Chère Maria,

Je pense très souvent à vous. Depuis une dizaine d’années maintenant, vous m’accompagnez sur mon chemin.

Parfois, je suis triste de voir ce que le monde a fait et retenu de votre pédagogie, le travail de toute une vie. Quarante ans de recherche et de dévouement restreints à… du matériel. Et encore, du matériel qui, bien souvent, n’a juste rien à voir avec les lois naturelles du développement de l’enfant que vous avez mises en avant.

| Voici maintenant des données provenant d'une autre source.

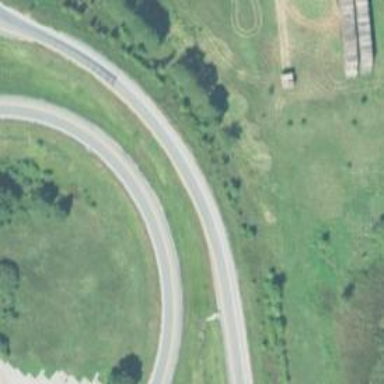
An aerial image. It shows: Asphalt motorway link.
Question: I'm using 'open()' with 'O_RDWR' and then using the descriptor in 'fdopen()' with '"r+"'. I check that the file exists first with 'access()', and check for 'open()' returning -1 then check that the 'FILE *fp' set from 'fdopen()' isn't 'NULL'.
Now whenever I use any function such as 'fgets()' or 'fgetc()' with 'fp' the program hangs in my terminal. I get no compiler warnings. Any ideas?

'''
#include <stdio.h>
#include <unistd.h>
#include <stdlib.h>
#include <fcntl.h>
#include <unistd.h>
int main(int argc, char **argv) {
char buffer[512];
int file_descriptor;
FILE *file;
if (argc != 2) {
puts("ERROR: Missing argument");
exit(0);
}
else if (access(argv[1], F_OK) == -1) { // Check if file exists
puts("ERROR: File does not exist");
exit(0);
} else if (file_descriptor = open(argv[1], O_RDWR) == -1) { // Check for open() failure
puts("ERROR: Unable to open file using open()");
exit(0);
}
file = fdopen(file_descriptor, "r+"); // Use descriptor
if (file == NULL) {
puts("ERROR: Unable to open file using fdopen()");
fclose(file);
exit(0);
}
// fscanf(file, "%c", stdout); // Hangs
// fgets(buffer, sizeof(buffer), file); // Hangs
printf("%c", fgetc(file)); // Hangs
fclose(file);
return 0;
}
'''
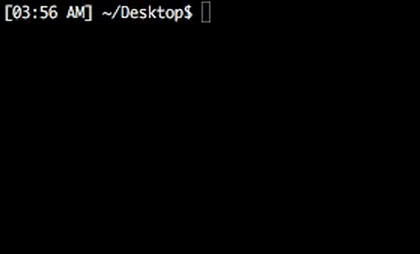
Answer: The expression
'''
file_descriptor = open(argv[1], O_RDWR) == -1
'''
does not work as you expect it to, because the equality operator '==' have higher <URL> than the assignment operator. That means the expression is more like
'''
file_descriptor = (open(argv[1], O_RDWR) == -1)
'''
which means your 'file_descriptor' will be either '0' or '1' depending on how the comparison went.
You need to use parentheses for the assignment:
'''
(file_descriptor = open(argv[1], O_RDWR)) == -1
'''
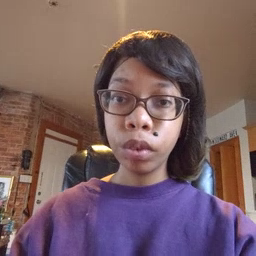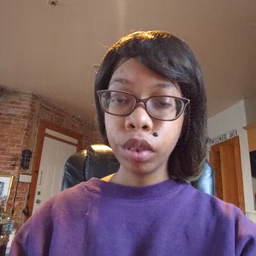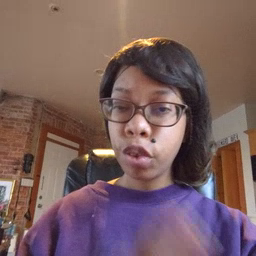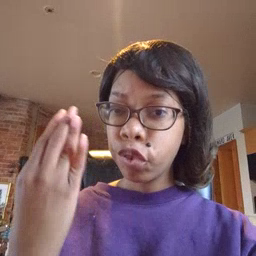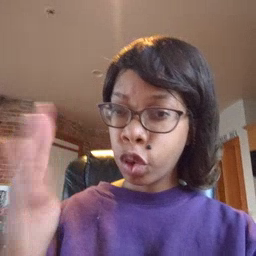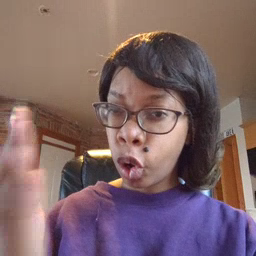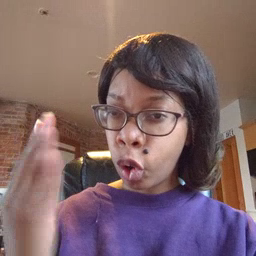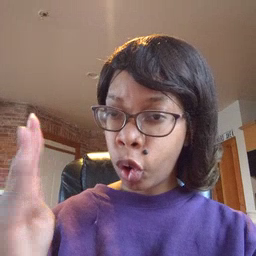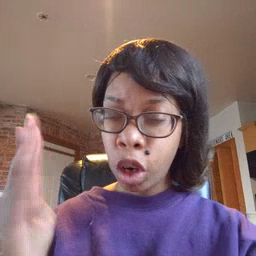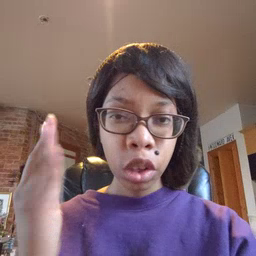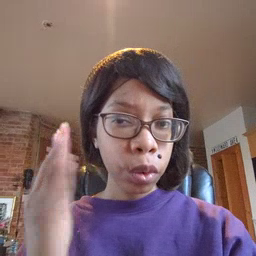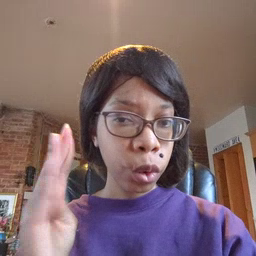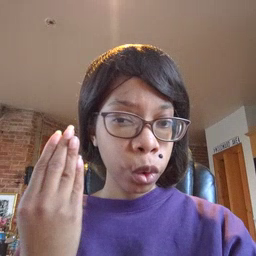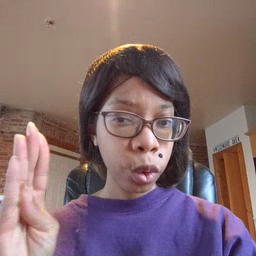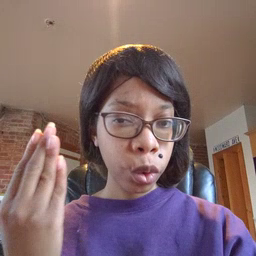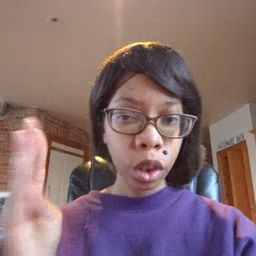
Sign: blue
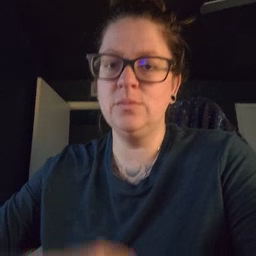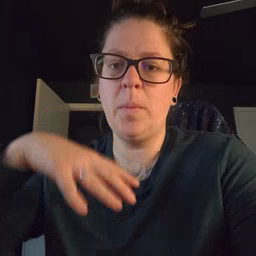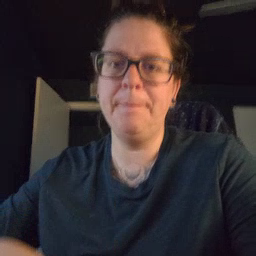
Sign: drop
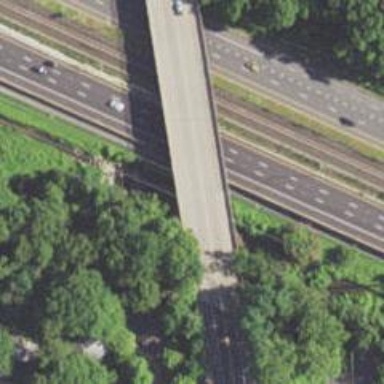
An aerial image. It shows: Asphalt cycleway alongside abandoned railway.
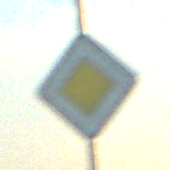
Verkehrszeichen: Vorfahrtsstrasse
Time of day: SunriseSunset
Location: Outdoor (RoadRail)
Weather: PartlyCloudy
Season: NotSpecified
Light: Natural
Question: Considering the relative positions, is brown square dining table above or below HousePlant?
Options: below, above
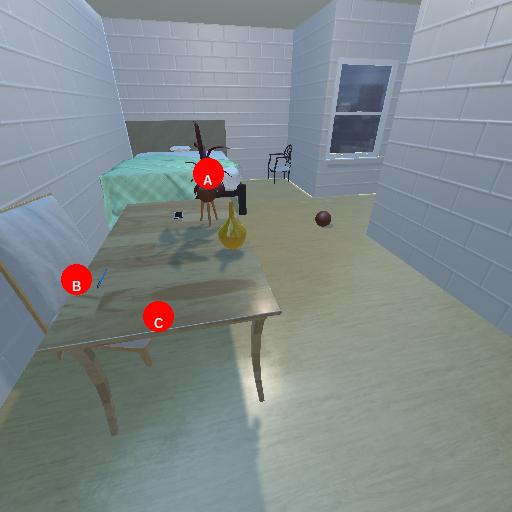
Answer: below
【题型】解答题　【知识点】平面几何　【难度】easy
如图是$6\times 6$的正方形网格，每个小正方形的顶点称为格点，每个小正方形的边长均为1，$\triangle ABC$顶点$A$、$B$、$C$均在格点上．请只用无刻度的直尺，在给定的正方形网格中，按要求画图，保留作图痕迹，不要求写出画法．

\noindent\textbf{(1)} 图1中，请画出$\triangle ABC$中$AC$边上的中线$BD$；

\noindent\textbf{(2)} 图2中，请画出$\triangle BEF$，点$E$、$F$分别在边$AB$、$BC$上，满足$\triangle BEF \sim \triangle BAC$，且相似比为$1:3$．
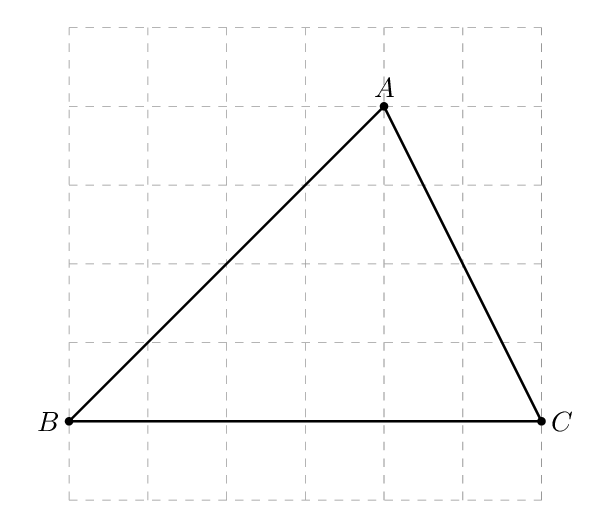
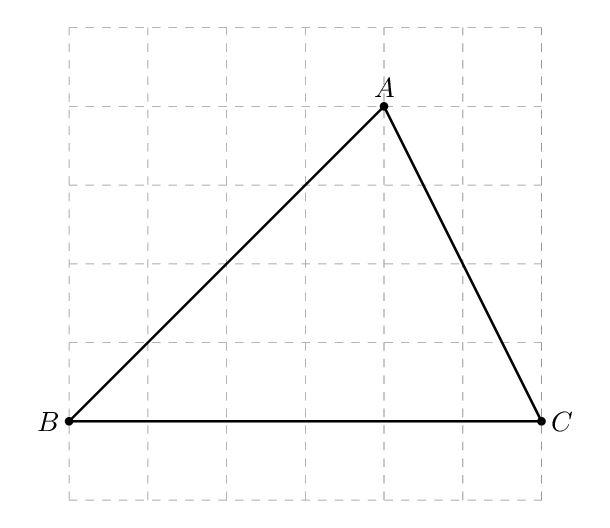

Parfois, je suis perplexe, de la rigidité de certains formateurs et éducateurs qui agissent en votre nom. « C’est pas Montessori », voilà ce que l’on m’a dit lorsque j’ai publié une photo de votre troisième boîte de couleur, disposées en soleil autour d’une bougie. Chère Maria, pour moi, cette phrase ne veut rien dire, car je garde dans ma tête et dans mon cœur une phrase de vous : « Continuez après moi ».
Nous sommes en 2019, et si l’enfant est toujours le même, la société, elle, a changé, de même que notre niveau de connaissances sur beaucoup de sujets. En grande scientifique que vous avez été, je sais que vous auriez continué à adapter votre matériel aux avancées de la science, et que vous ne seriez pas restée sur les choses que vous avez découvertes. La preuve en est : vos différents ouvrages, édités tout au fil de votre vie, montre bien cette évolution, ces changements apportés. Vous ne vous contredisez pas, non, vous évoluez. Puissions-nous garder cette intelligence, pour toujours remettre en question nos croyances et continuer à nous montrer ouverts et curieux. Merci de cela.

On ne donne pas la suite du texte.